Required action
Your copy should match the entries exactly, with the pictures left out.

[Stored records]

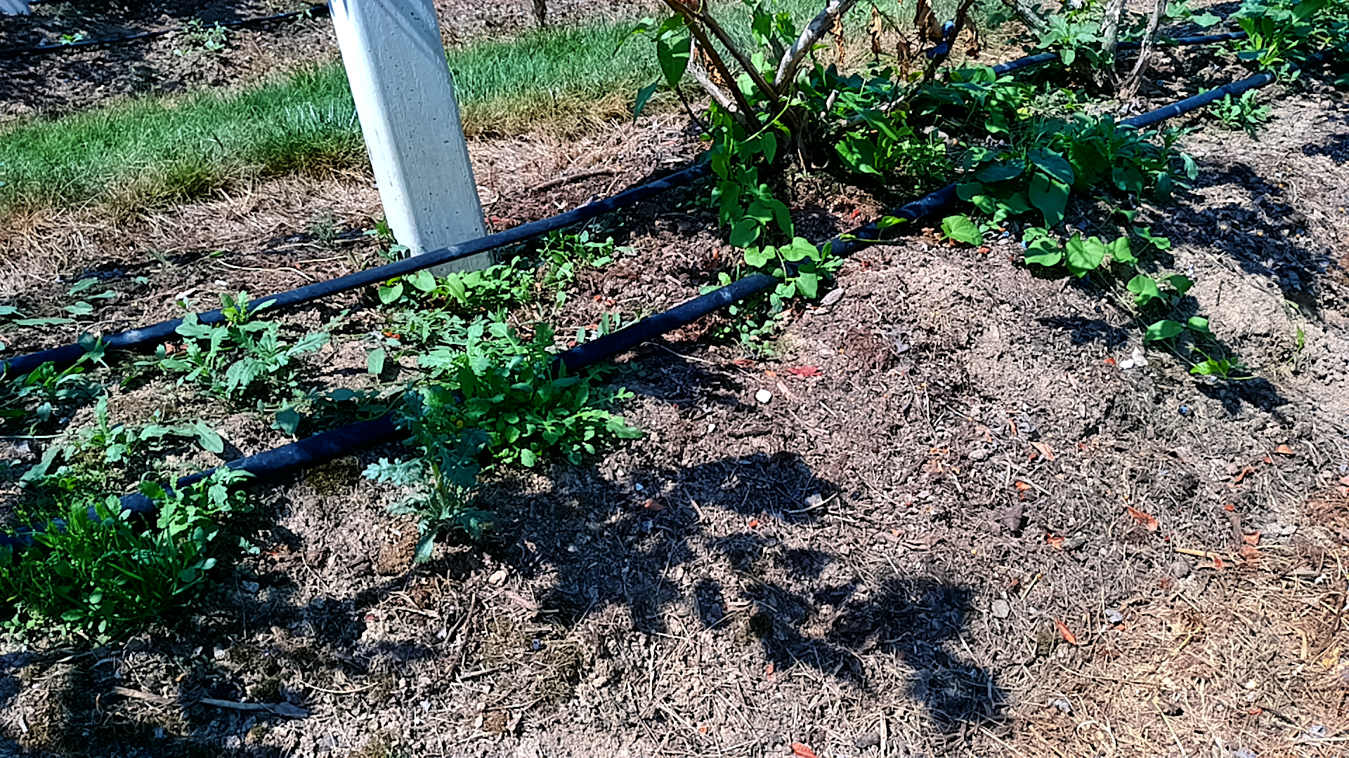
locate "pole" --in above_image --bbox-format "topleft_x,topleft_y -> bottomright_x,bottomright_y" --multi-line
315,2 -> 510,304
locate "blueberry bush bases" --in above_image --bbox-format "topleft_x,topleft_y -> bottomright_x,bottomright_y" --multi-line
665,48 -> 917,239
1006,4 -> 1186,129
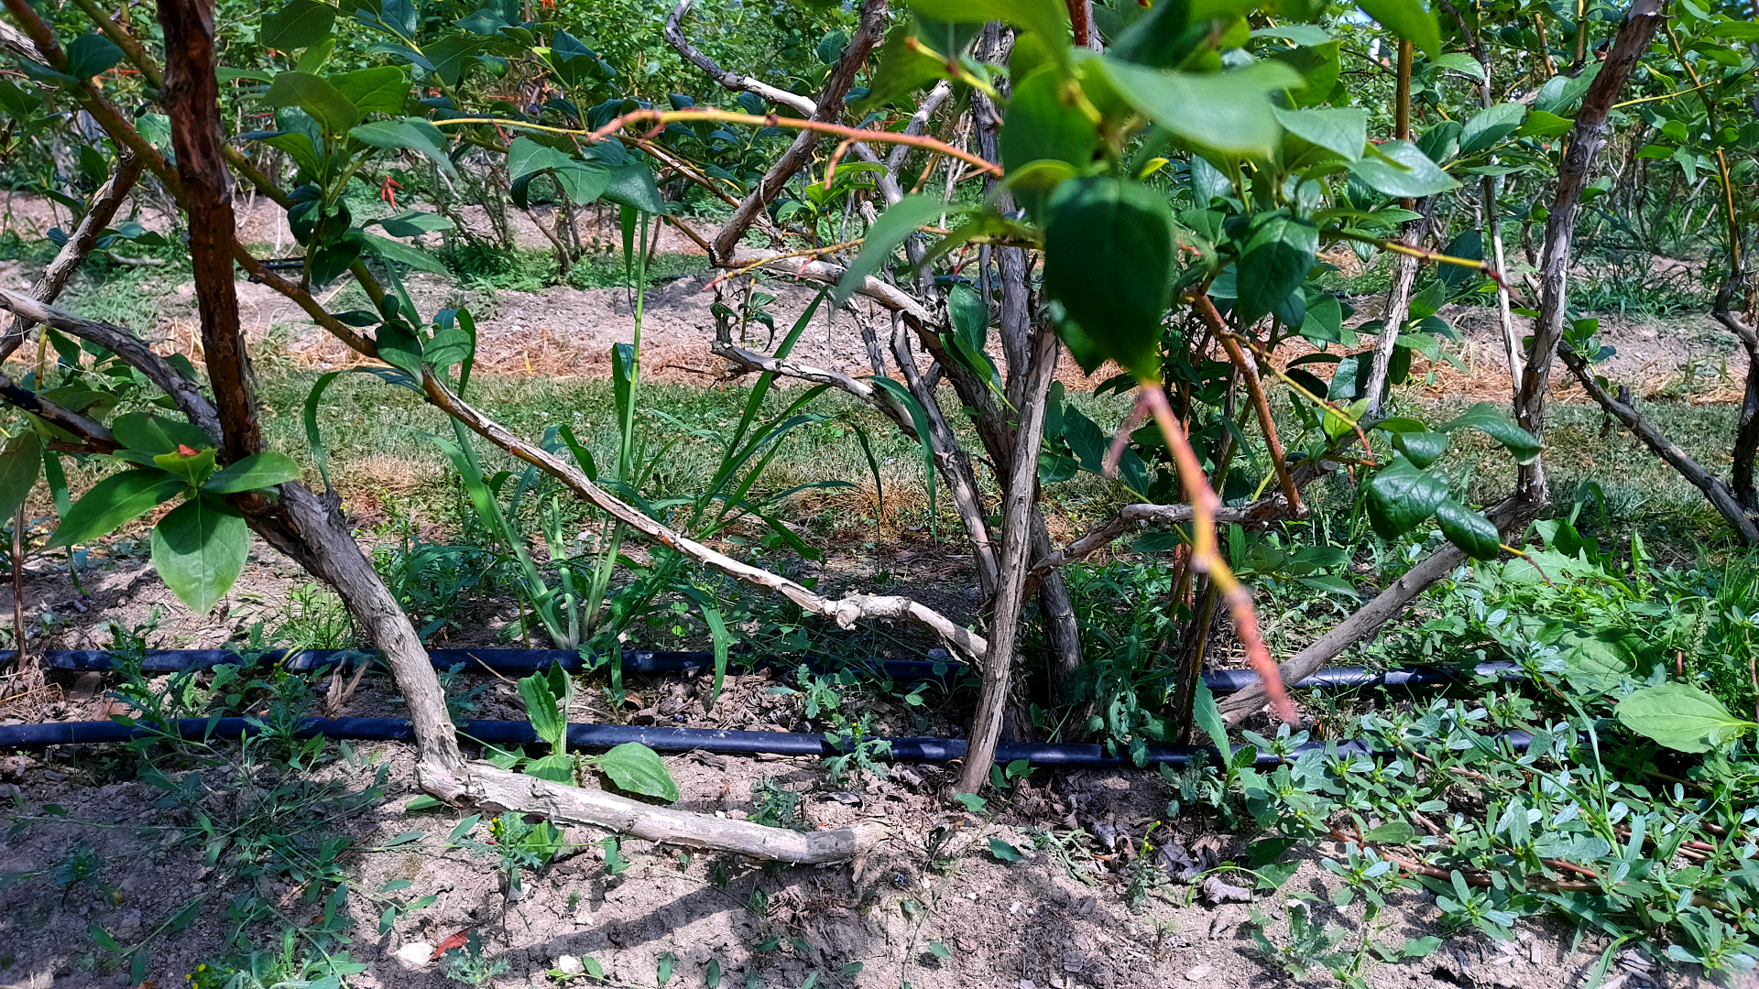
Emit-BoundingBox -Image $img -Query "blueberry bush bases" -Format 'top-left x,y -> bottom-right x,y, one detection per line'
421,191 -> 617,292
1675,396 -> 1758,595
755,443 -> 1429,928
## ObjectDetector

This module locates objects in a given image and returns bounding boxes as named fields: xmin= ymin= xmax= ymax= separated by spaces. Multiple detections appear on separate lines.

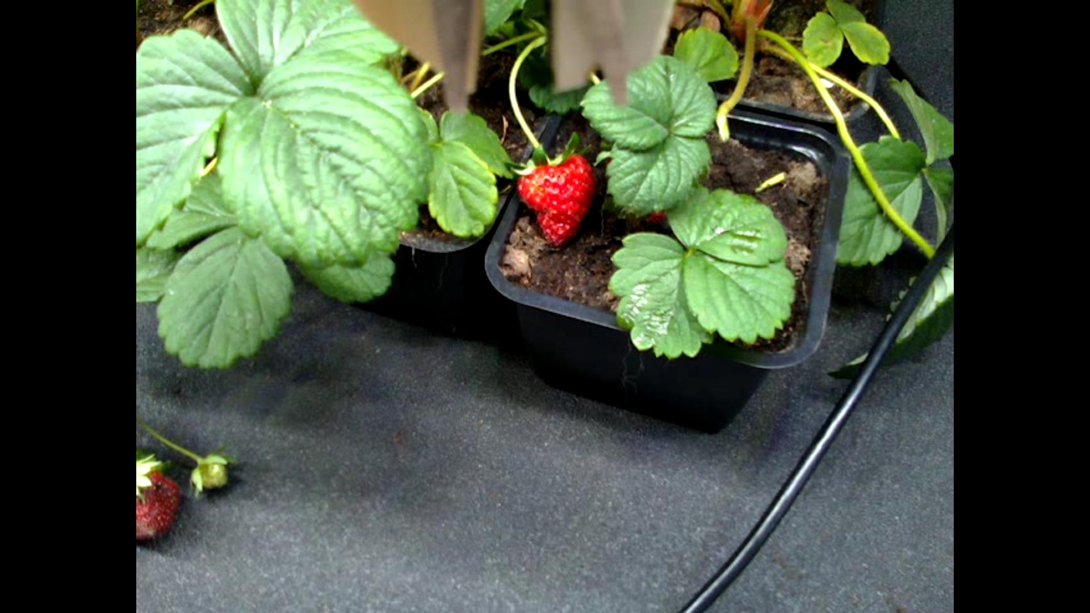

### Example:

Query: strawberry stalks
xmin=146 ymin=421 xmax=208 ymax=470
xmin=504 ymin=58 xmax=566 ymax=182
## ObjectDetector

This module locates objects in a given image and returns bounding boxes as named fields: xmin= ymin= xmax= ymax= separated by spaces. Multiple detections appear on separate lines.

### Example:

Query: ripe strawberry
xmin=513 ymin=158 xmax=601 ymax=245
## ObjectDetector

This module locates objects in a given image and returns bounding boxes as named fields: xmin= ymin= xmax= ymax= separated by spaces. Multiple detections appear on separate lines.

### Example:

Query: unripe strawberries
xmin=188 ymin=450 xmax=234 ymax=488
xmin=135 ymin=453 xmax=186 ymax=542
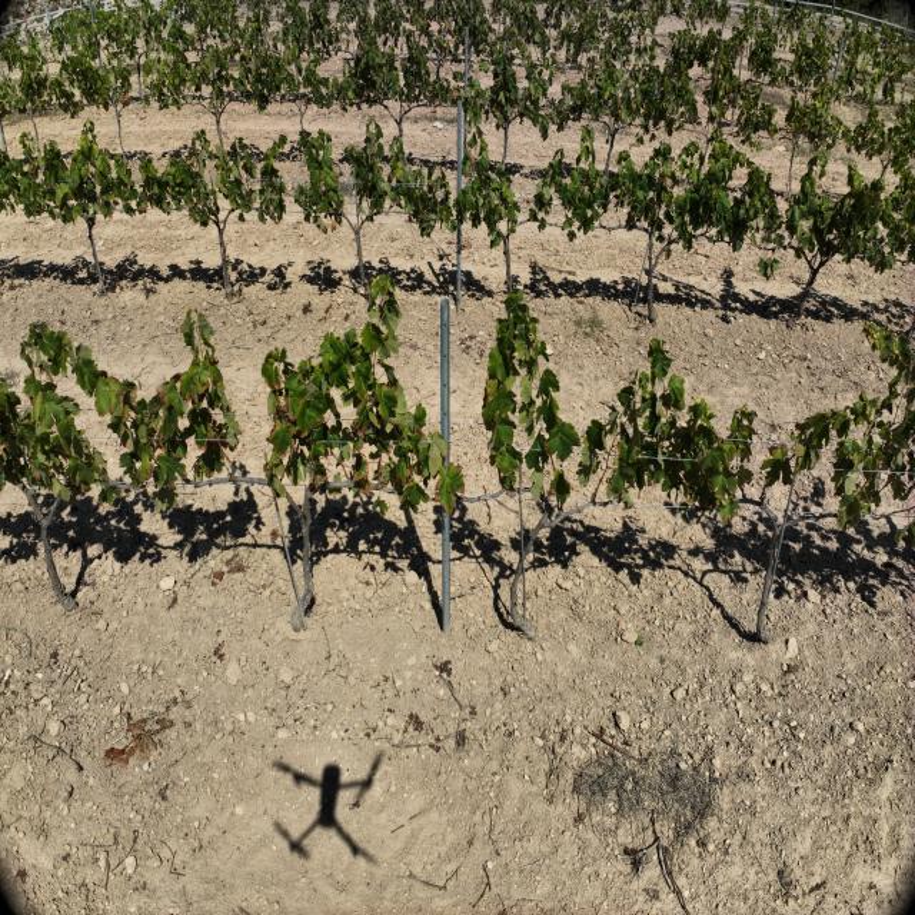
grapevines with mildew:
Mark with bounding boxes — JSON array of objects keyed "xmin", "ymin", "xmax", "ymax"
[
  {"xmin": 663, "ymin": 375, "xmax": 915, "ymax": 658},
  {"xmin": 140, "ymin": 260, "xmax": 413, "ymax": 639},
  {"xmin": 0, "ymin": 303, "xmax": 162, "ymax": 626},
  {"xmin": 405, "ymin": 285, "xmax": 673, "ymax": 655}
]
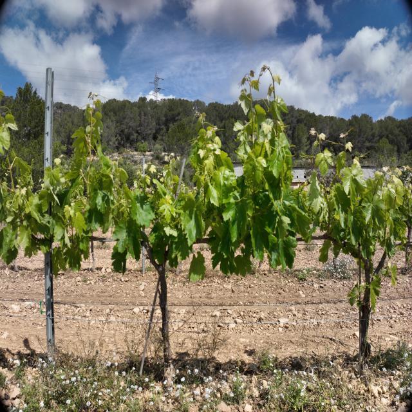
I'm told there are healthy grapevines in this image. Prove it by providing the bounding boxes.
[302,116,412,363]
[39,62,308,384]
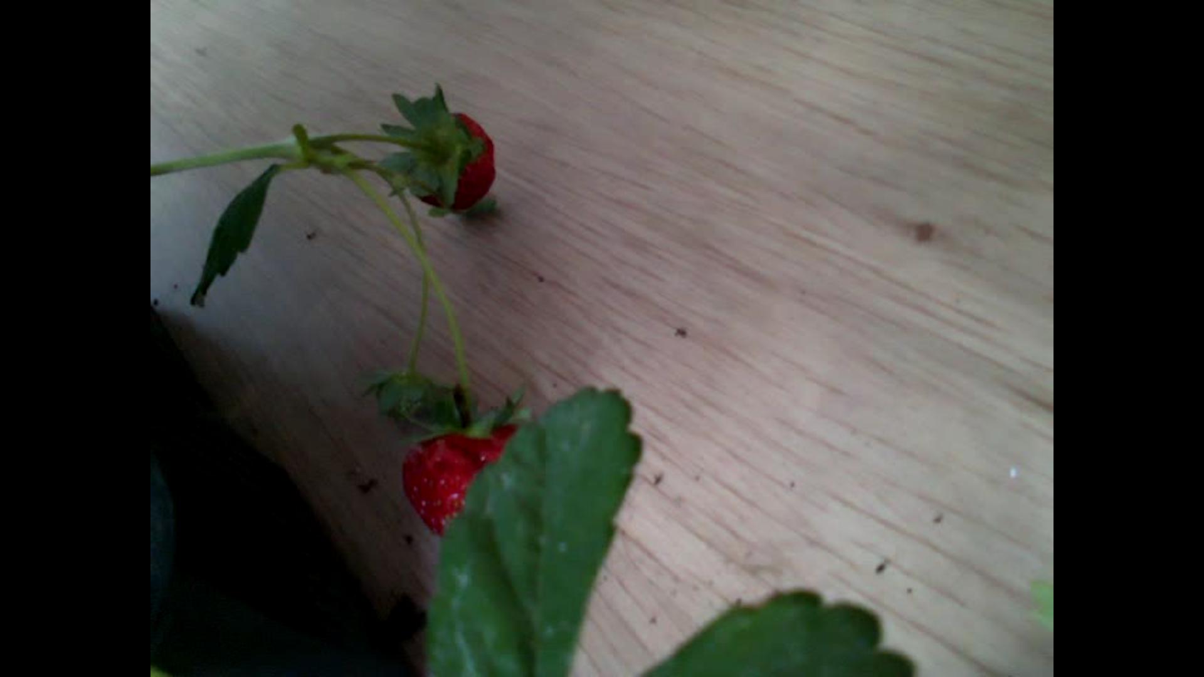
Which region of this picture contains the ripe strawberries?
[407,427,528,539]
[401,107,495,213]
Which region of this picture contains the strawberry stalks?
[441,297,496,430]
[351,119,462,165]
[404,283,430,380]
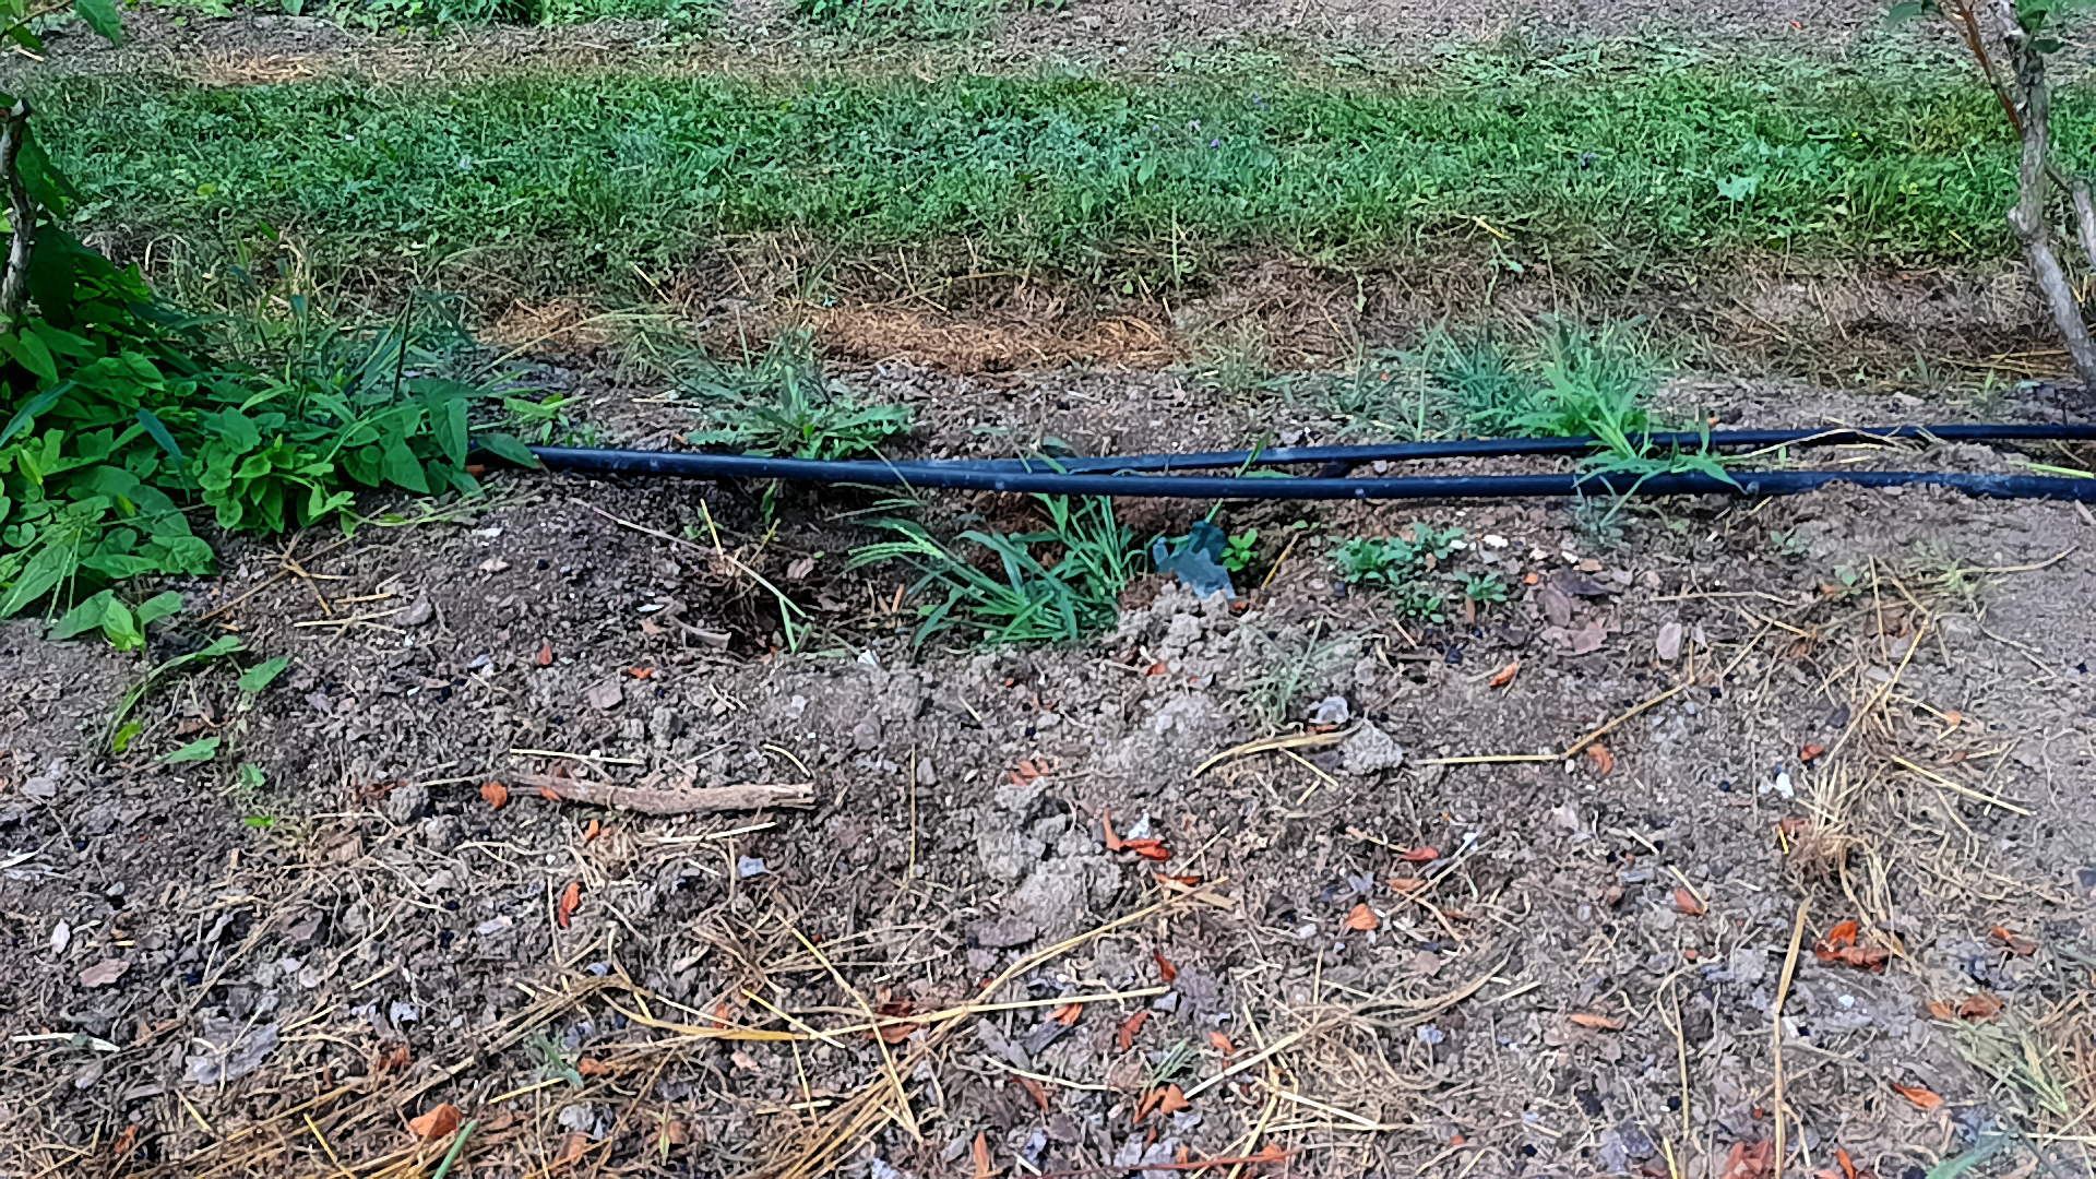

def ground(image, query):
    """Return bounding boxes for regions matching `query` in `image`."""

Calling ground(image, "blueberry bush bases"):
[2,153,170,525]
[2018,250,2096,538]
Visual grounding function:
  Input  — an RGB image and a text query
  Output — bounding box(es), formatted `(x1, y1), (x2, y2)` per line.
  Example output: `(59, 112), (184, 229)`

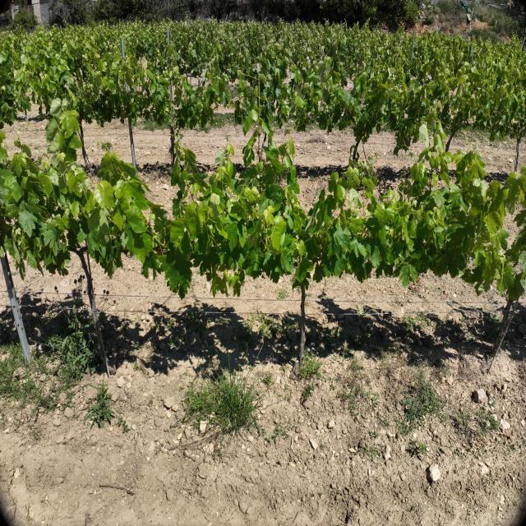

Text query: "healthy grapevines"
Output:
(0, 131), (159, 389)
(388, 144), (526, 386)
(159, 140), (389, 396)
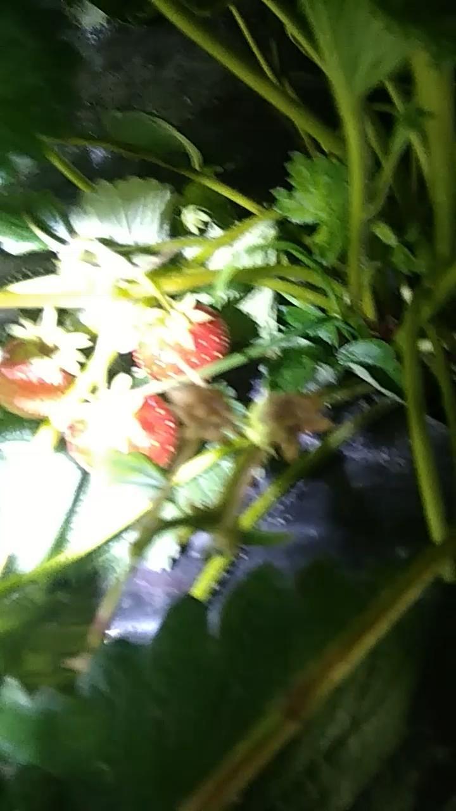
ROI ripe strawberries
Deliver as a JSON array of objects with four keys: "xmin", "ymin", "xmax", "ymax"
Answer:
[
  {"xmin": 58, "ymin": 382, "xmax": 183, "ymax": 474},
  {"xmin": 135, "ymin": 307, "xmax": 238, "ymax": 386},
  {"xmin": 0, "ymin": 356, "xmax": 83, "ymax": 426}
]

Exercise result
locate "pole" --in above_image --bbox-format "topleft_x,topleft_y -> bottomright_x,bottomright_y" --multi-line
315,2 -> 510,304
locate "blueberry bush bases" --in above_image --bbox-format "topleft_x,topleft_y -> bottomright_x,bottomright_y" --multi-line
665,48 -> 917,239
1006,4 -> 1186,129
Emit-BoundingBox -Image $img -Query "blueberry bush bases" -Format 'top-left x,y -> bottom-right x,y, one detection per line'
421,191 -> 617,292
1675,396 -> 1758,595
755,443 -> 1429,928
## ObjectDetector

This module locates objects in a given image and returns bounding boxes as named fields: xmin= ymin= xmax= ymax= separated by spaces. Multiple detections appear on separate lines.


### Example:

Query: strawberry stalks
xmin=146 ymin=421 xmax=208 ymax=470
xmin=504 ymin=58 xmax=566 ymax=182
## ObjectDetector

This module locates objects in a given image and returns bounding boxes as named fields: xmin= ymin= xmax= ymax= separated by spaces. Multiple detections appear on separate lines.

### Example:

Query: ripe strawberry
xmin=513 ymin=158 xmax=601 ymax=245
## ObjectDetector

This module locates objects in a given image and returns bounding boxes as named fields: xmin= ymin= xmax= ymax= separated by spaces. Multiple detections appear on separate lines.

### Example:

Query: unripe strawberries
xmin=188 ymin=450 xmax=234 ymax=488
xmin=135 ymin=453 xmax=186 ymax=542
grapevines with mildew:
Mark with bounding boxes — JSON array of objects keyed "xmin", "ymin", "xmax", "ymax"
[
  {"xmin": 663, "ymin": 375, "xmax": 915, "ymax": 658},
  {"xmin": 140, "ymin": 260, "xmax": 413, "ymax": 639},
  {"xmin": 0, "ymin": 303, "xmax": 162, "ymax": 626},
  {"xmin": 405, "ymin": 285, "xmax": 673, "ymax": 655}
]
I'm told there are healthy grapevines in this image. Prove it by providing the bounding boxes.
[302,116,412,363]
[39,62,308,384]
Which region of this picture contains the ripe strawberries?
[407,427,528,539]
[401,107,495,213]
Which region of this picture contains the strawberry stalks?
[441,297,496,430]
[351,119,462,165]
[404,283,430,380]

def ground(image, query):
    """Return bounding boxes for regions matching `query` in `image`."""

Calling ground(image, "blueberry bush bases"):
[2,153,170,525]
[2018,250,2096,538]
Visual grounding function:
  Input  — an RGB image and a text query
  Output — bounding box(es), formatted `(x1, y1), (x2, y2)` per line.
  Example output: `(59, 112), (184, 229)`


Text query: "healthy grapevines"
Output:
(0, 131), (159, 389)
(388, 144), (526, 386)
(159, 140), (389, 396)
ROI ripe strawberries
Deliver as a JSON array of objects with four keys: "xmin", "ymin", "xmax", "ymax"
Answer:
[
  {"xmin": 58, "ymin": 382, "xmax": 183, "ymax": 474},
  {"xmin": 135, "ymin": 307, "xmax": 238, "ymax": 386},
  {"xmin": 0, "ymin": 356, "xmax": 83, "ymax": 426}
]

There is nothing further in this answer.